- Prompt -
Could you restate, exactly and with nothing added, the lines from the start of the data through the line that holds "60.752C23.452 61.04 24.492", leaving the pictures out?

BEGIN Input data

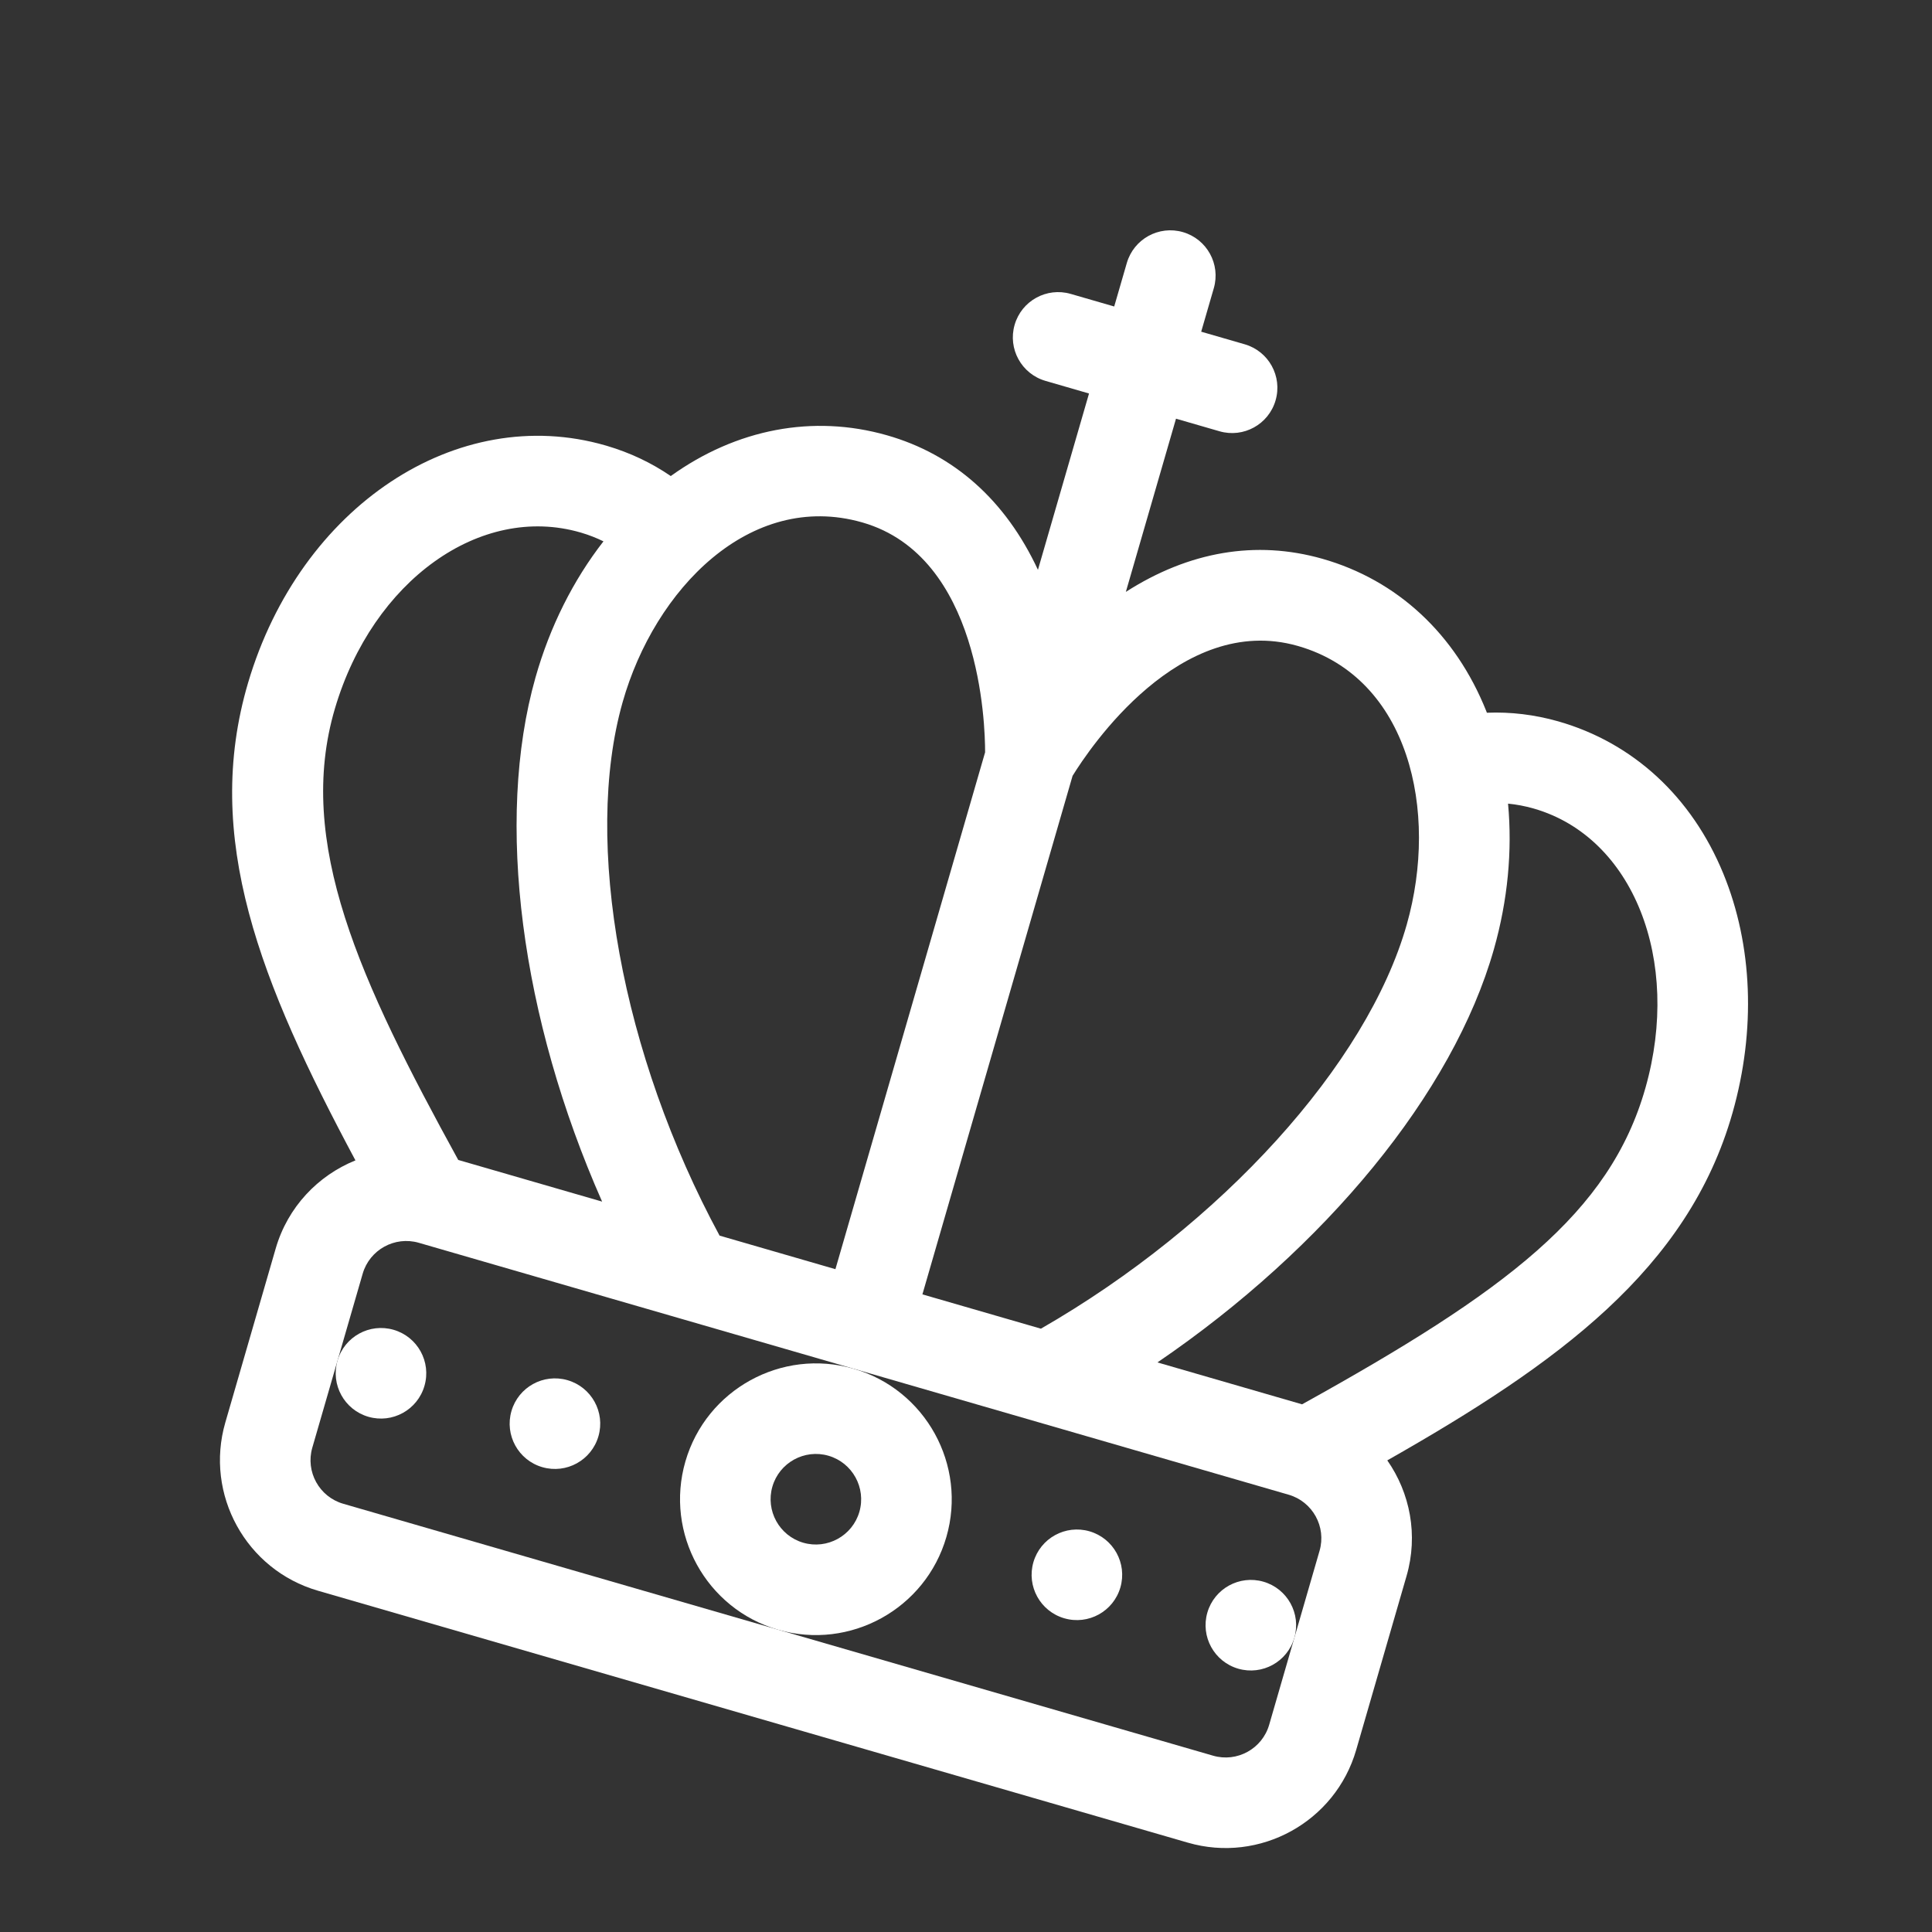 <svg width="80" height="80" viewBox="0 0 80 80" fill="none" xmlns="http://www.w3.org/2000/svg">
<rect x="0" y="0" width="80" height="80" fill="#333333" stroke="none"/>
<path d="M44.07 67.01C45.065 67.299 46.105 66.726 46.393 65.731C46.681 64.736 46.108 63.697 45.114 63.408C44.119 63.12 43.079 63.693 42.791 64.688C42.503 65.683 43.076 66.722 44.07 67.01Z" fill="white"/>
<path d="M22.457 60.752C23.452 61.04 24.492 60.467 24.78 59.472C25.068 58.478 24.495 57.438 23.5 57.15C22.506 56.862 21.466 57.434 21.178 58.429C20.89 59.424 21.462 60.464 22.457 60.752Z" fill="white"/>
<path d="M15.254 58.666C16.249 58.954 17.288 58.381 17.576 57.386C17.865 56.392 17.292 55.352 16.297 55.064C15.302 54.776 14.263 55.348 13.975 56.343C13.687 57.338 14.259 58.377 15.254 58.666Z" fill="white"/>
<path d="M51.273 69.097C52.268 69.385 53.308 68.812 53.596 67.817C53.884 66.823 53.311 65.783 52.317 65.495C51.322 65.207 50.282 65.78 49.994 66.774C49.706 67.769 50.279 68.809 51.273 69.097Z" fill="white"/>
<path d="M57.445 60.471C64.497 56.465 69.903 52.557 71.742 46.073C72.712 42.654 72.576 39.138 71.359 36.175C70.05 32.988 67.617 30.75 64.514 29.867C63.538 29.591 62.552 29.473 61.569 29.513C61.559 29.489 61.551 29.465 61.542 29.442C60.267 26.256 57.859 24.019 54.751 23.136C52.005 22.357 49.232 22.834 46.619 24.509L48.696 17.337L50.497 17.858C51.492 18.146 52.531 17.573 52.819 16.579C53.108 15.584 52.535 14.544 51.54 14.256L49.739 13.735L50.261 11.934C50.549 10.939 49.976 9.899 48.981 9.611C47.987 9.323 46.947 9.896 46.659 10.89L46.137 12.691L44.336 12.17C43.341 11.882 42.301 12.455 42.014 13.449C41.725 14.444 42.298 15.484 43.293 15.772L45.094 16.294L42.979 23.595C41.639 20.721 39.505 18.811 36.713 18.02C33.665 17.155 30.498 17.757 27.775 19.712C26.974 19.164 26.09 18.745 25.131 18.462C25.112 18.457 25.094 18.451 25.076 18.446C18.926 16.665 12.431 20.97 10.273 28.271C8.378 34.682 10.773 40.674 14.718 48.049C13.172 48.674 11.915 49.975 11.416 51.698L9.33 58.902C8.467 61.881 10.189 65.007 13.168 65.869L49.188 76.301C52.167 77.164 55.293 75.442 56.156 72.463L58.242 65.259C58.734 63.562 58.386 61.818 57.445 60.471ZM61.859 39.306C62.434 37.28 62.626 35.226 62.445 33.277C62.792 33.31 63.139 33.376 63.491 33.475C63.502 33.478 63.514 33.482 63.525 33.485C67.615 34.669 69.64 39.741 68.134 45.049C66.662 50.241 62.355 53.471 53.916 58.15L47.927 56.415C54.874 51.682 60.169 45.266 61.859 39.306ZM44.413 32.126C45.109 30.997 48.865 25.364 53.728 26.744C53.74 26.747 53.751 26.75 53.763 26.754C58.341 28.079 59.585 33.58 58.251 38.283C56.608 44.077 50.565 50.729 43.102 55.018L38.195 53.597L44.413 32.126ZM35.69 21.628C35.7 21.631 35.711 21.634 35.721 21.637C40.589 23.047 40.793 29.966 40.791 31.151L34.593 52.554L29.796 51.164C25.747 43.679 24.133 34.887 25.782 29.074C27.107 24.401 31.057 20.314 35.69 21.628ZM13.87 29.334C15.434 24.042 19.893 20.849 24.034 22.048C24.045 22.051 24.057 22.055 24.068 22.058C24.393 22.154 24.698 22.274 24.988 22.416C23.739 24.02 22.773 25.94 22.174 28.051C20.486 34.002 21.579 42.171 24.932 49.756L18.975 48.031C14.908 40.623 12.229 34.883 13.87 29.334ZM52.554 71.419C52.267 72.413 51.225 72.987 50.231 72.699L32.221 67.483L14.211 62.267C13.218 61.98 12.644 60.938 12.932 59.945L15.018 52.741C15.306 51.748 16.348 51.174 17.341 51.461L35.351 56.677L53.361 61.893C54.354 62.181 54.928 63.222 54.64 64.216L52.554 71.419Z" fill="white"/>
<path d="M35.348 56.677C32.369 55.814 29.243 57.536 28.381 60.515C27.518 63.495 29.24 66.62 32.219 67.483C35.198 68.346 38.324 66.624 39.187 63.645C40.05 60.666 38.328 57.54 35.348 56.677ZM33.262 63.881C32.269 63.593 31.695 62.551 31.983 61.558C32.27 60.565 33.312 59.991 34.305 60.279C35.298 60.567 35.872 61.609 35.585 62.602C35.297 63.595 34.255 64.169 33.262 63.881Z" fill="white"/>
</svg>

END Input data

- Problem solution -
 <svg width="80" height="80" viewBox="0 0 80 80" fill="none" xmlns="http://www.w3.org/2000/svg">
<rect x="0" y="0" width="80" height="80" fill="#333333" stroke="none"/>
<path d="M44.07 67.01C45.065 67.299 46.105 66.726 46.393 65.731C46.681 64.736 46.108 63.697 45.114 63.408C44.119 63.12 43.079 63.693 42.791 64.688C42.503 65.683 43.076 66.722 44.07 67.01Z" fill="white"/>
<path d="M22.457 60.752C23.452 61.04 24.492 60.467 24.78 59.472C25.068 58.478 24.495 57.438 23.5 57.15C22.506 56.862 21.466 57.434 21.178 58.429C20.89 59.424 21.462 60.464 22.457 60.752Z" fill="white"/>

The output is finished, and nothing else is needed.